Zeitanalytische Methoden
Die zeitanalytischen Methoden basieren auf einfachen deskriptiven statistischen Verfahren zur Beschreibung der Streuungsbreite der RR-Intervalle. Für die Analysen werden grundsätzlich zwei unterschiedliche Datenquellen herangezogen: (1) die real gemessenen RR-Zeiten der in die Messperiode eingehenden Herzschläge und (2) die berechneten Differenzen zwischen den RR-Zeiten aufeinanderfolgender Herzschläge. Da viele Maße redundant sind, seien nachfolgend nur die bedeutsamsten herausgegriffen.

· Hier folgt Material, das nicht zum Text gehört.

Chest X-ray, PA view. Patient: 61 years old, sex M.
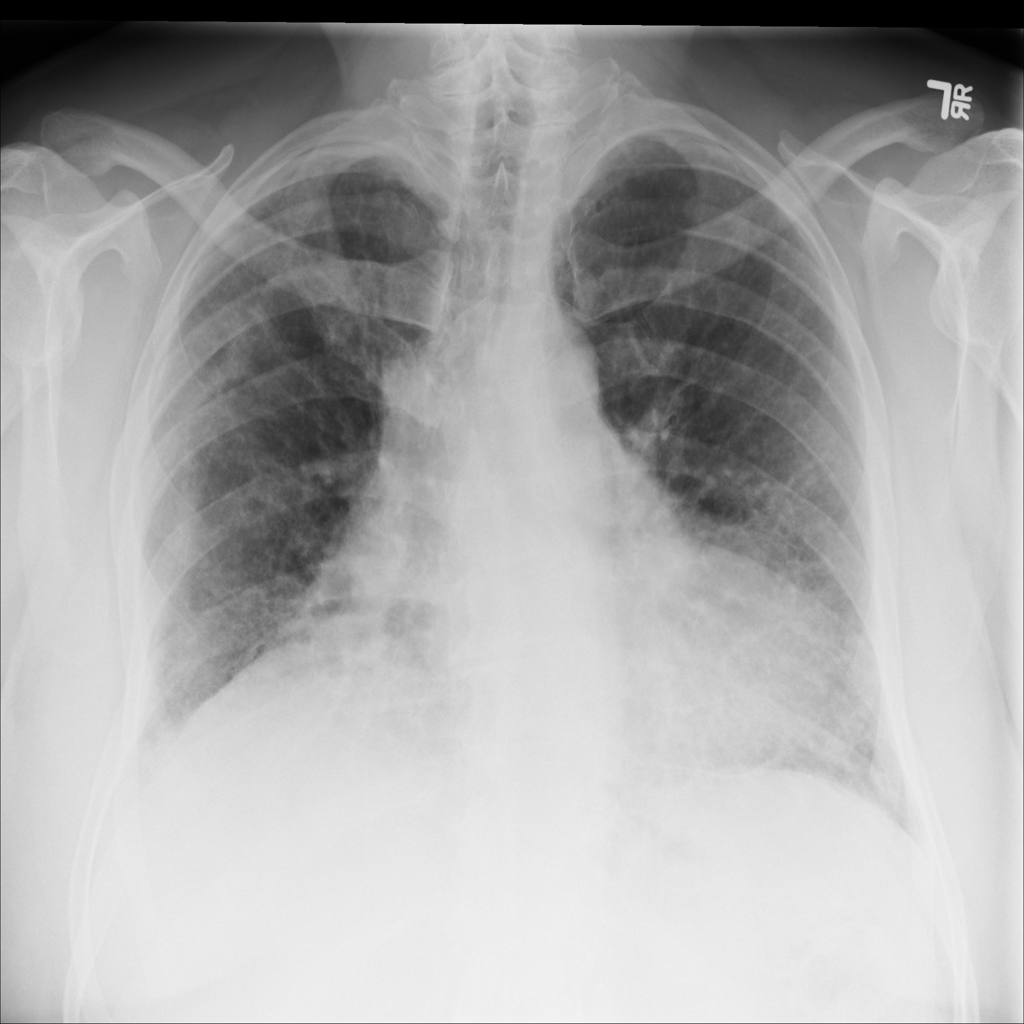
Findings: Fibrosis, Infiltration
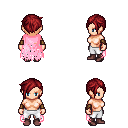
a pixel art fantasy rpg character, female body template, human, light skin, pink tattered cape, white pants, brunette pixie cut hairstyle, leather bracers, maroon shoes, four views (front, back, left, right), 2x2 character sprite sheet, small pixel art, hard edges, no anti-aliasing
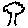
Label: tree
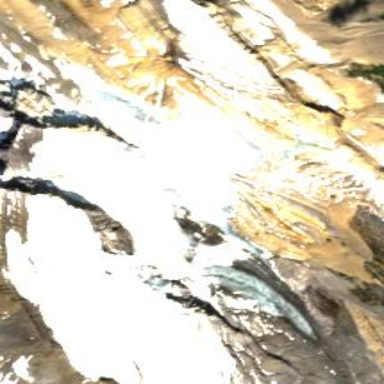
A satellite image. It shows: Stunning view of glacier.
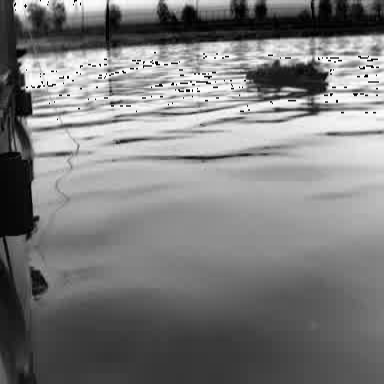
There is a container_ship in the infrared image.
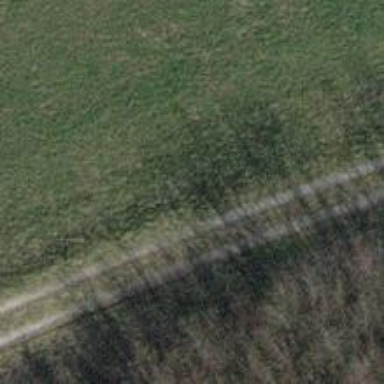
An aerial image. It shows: Track road with grade3 tracktype.
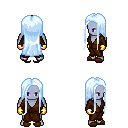
a pixel art fantasy rpg character, male body template, dark elf, purple skin, brown robe, teal pants, white cyan extra-long hairstyle, gold gloves, brown slippers, four views (front, back, left, right), 2x2 character sprite sheet, small pixel art, hard edges, no anti-aliasing
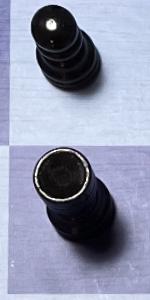
Label: Rook_Black
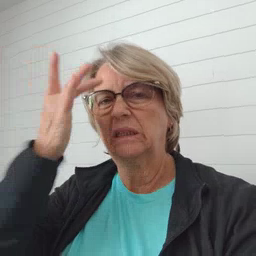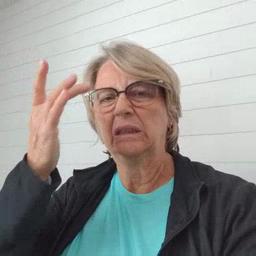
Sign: sick
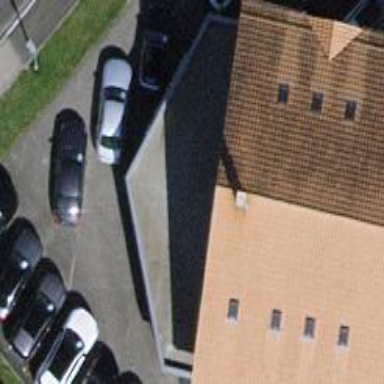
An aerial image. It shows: Car repair shop.
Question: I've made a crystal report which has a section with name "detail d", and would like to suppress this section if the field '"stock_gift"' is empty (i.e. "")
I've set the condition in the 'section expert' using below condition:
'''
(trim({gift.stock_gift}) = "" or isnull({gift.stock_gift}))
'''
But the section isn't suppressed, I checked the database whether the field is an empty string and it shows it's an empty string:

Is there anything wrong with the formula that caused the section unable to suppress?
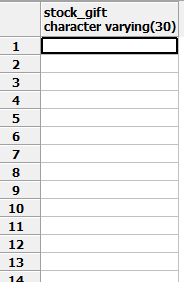
Answer: Are you sure that {gift.stock_gift} contains the empty string and NOT a null value? If it's a null then your suppression formula won't work correctly as it is; you need to either swap the order of your boolean statements like this:
'''
isnull({gift.stock_gift}) or trim({gift.stock_gift}) = ""
'''
Or get rid of everything except for the 'isnull()' check. The reason for this is that if CR encounters a null value in a formula and it's not handled via 'isnull()' as the in the formula, then that formula will produce an error exception and will not continue to be evaluated.
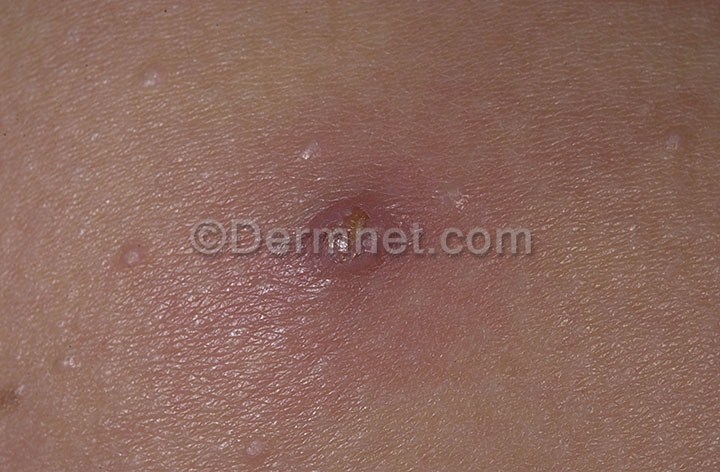
Disease: Herpes HPV and other STDs Photos
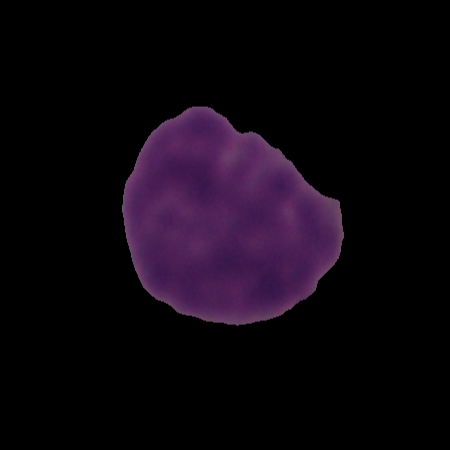
Label: healthy
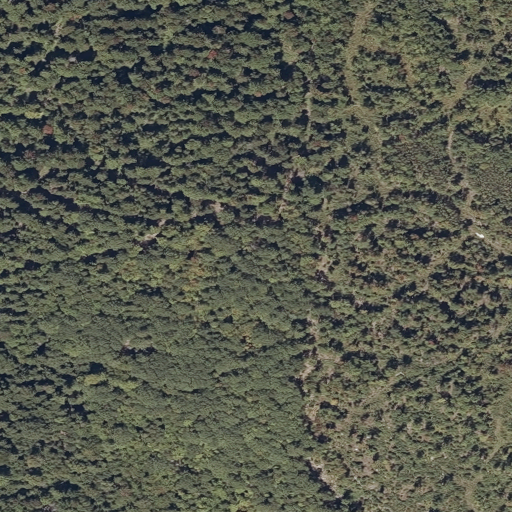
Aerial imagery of mountain in Maine named Hackett Hill containing mixed forest, evergreen forest, shrub, and deciduous forest
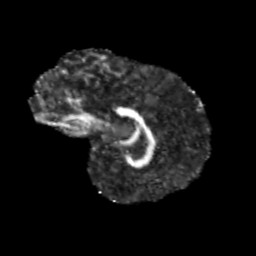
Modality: FA
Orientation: sagittal
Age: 9
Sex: male
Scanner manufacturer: siemens
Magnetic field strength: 3 T
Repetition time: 3.8 s
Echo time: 0.07 s
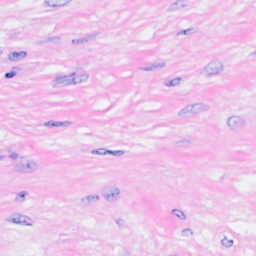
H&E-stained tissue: Breast
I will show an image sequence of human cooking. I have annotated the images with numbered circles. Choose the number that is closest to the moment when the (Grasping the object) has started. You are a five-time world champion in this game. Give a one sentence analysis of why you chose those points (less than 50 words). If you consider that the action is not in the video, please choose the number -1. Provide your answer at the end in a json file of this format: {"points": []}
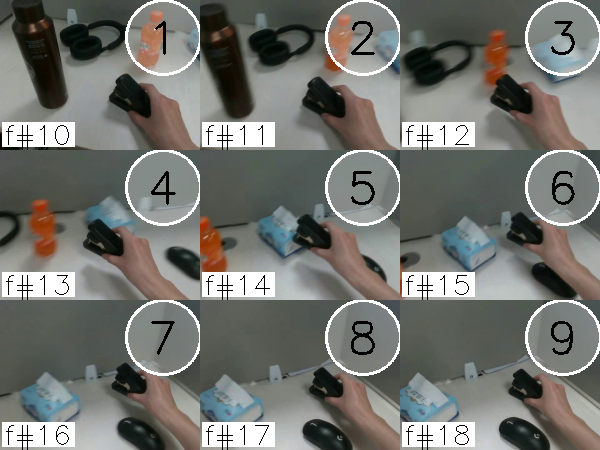
Frame 1 shows the clearest moment of hand-object contact.
{"points": [1]}
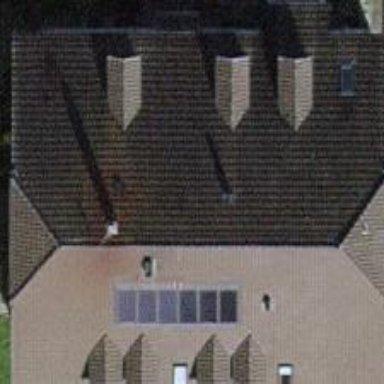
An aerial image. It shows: Pyramidal-shaped roof of apartment building.

- SDRR: Dies ist die Standardabweichen, also die Wurzel aus der Varianz aller RR-Zeiten der Messperiode, gemessen in Millisekunden (ms). In das SDRR-Maß gehen alle hochfrequenten und niederfrequenten Variationen, d.h. alle schnellen und langsamen zyklischen Veränderungen der Herzrate während der jeweiligen Messperiode ein. Daher stellt es ein Maß der HRV-Gesamtvariabilität bzw. ein Maß für das Gesamtniveau des autonom-nervösen Regulationsstatus dar. Es entspricht der Gesamtpower (total power) des frequenzanalytisch erhaltenen Wertes und korreliert hoch mit diesem.
- RMSSD: Dieses Maß gehört zur zweiten Gruppe zeitanalytischer Methoden, die die Differenzen zwischen den RR-Intervallen aufeinanderfolgender Herzschläge analysieren. RMSSD berechnet sich als die Quadratwurzel der Summe der quadrierten Differenzen zwischen benachbarten RR-Intervallen. Es reflektiert schnelle Variationen der Herzschlaggeschwindigkeit und ist das zurzeit bekannteste und bewährteste zeitanalytische Maß zur Erfassung hochfrequenter Schlag-zu-Schlag Variationen des Herzschlags. Es gilt als zeitanalytisches Standardmaß der parasympathischen Herzregulation und korreliert demzufolge hoch mit der high frequency power, dem frequenzanalytischen Standardmaß der parasympathischen Aktivierung.
- pRR50: Anzahl der aufeinanderfolgenden RR-Intervalle >50ms, dividiert durch die Gesamtzahl aufeinanderfolgender RR-Intervalle. Es gilt ebenfalls als Maß des parasympathischen Aktivierungsniveaus.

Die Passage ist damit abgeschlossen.